▸ **TASK PROMPT**:
Write out the material below exactly, beginning at the line that contains "STEP (ISO 10303-21)" and ending with its last line, both ends included; write nothing else.

Top of INPUT RECORDS

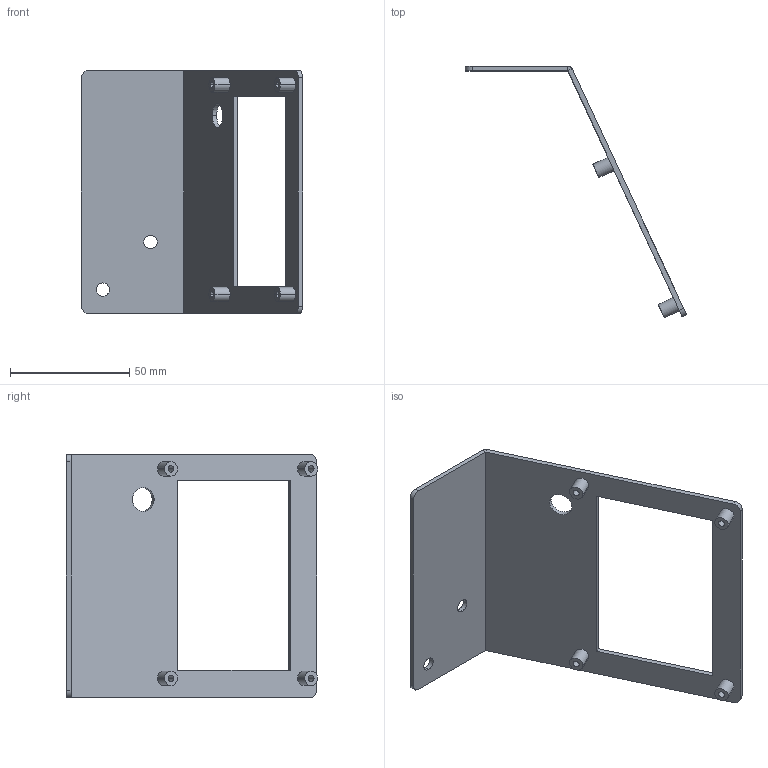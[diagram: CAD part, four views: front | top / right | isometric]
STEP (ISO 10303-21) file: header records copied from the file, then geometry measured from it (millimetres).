
FILE_DESCRIPTION (( 'STEP AP214' ), '1' );
FILE_NAME ('LCD support.step', '2018-06-21T12:58:20', ( 'User' ), ( 'china' ), 'SwSTEP 2.0', 'SolidWorks 2016', '' );
FILE_SCHEMA (( 'AUTOMOTIVE_DESIGN' ));
Length unit declared in the file: millimetre
Products named in the file (1): LCD support
Bounding box: 92.88 x 105.44 x 102 mm (x, y, z)
Volume: 24264.6 mm3; surface area: 26088.1 mm2
Topology: 1 solids, 1 shells, 51 faces, 115 edges, 74 vertices
Faces by surface type: cylinder 27, plane 24
Entity records: 1489 total; most frequent: DIRECTION 273, CARTESIAN_POINT 241, ORIENTED_EDGE 230, EDGE_CURVE 115, AXIS2_PLACEMENT_3D 106, VERTEX_POINT 74, EDGE_LOOP 67, LINE 61

Bottom of INPUT RECORDS

▸ **ANSWER SECTION**:
STEP (ISO 10303-21) file: header records copied from the file, then geometry measured from it (millimetres).
FILE_DESCRIPTION (( 'STEP AP214' ), '1' );
FILE_NAME ('LCD support.step', '2018-06-21T12:58:20', ( 'User' ), ( 'china' ), 'SwSTEP 2.0', 'SolidWorks 2016', '' );
FILE_SCHEMA (( 'AUTOMOTIVE_DESIGN' ));
Length unit declared in the file: millimetre
Products named in the file (1): LCD support
Bounding box: 92.88 x 105.44 x 102 mm (x, y, z)
Volume: 24264.6 mm3; surface area: 26088.1 mm2
Topology: 1 solids, 1 shells, 51 faces, 115 edges, 74 vertices
Faces by surface type: cylinder 27, plane 24
Entity records: 1489 total; most frequent: DIRECTION 273, CARTESIAN_POINT 241, ORIENTED_EDGE 230, EDGE_CURVE 115, AXIS2_PLACEMENT_3D 106, VERTEX_POINT 74, EDGE_LOOP 67, LINE 61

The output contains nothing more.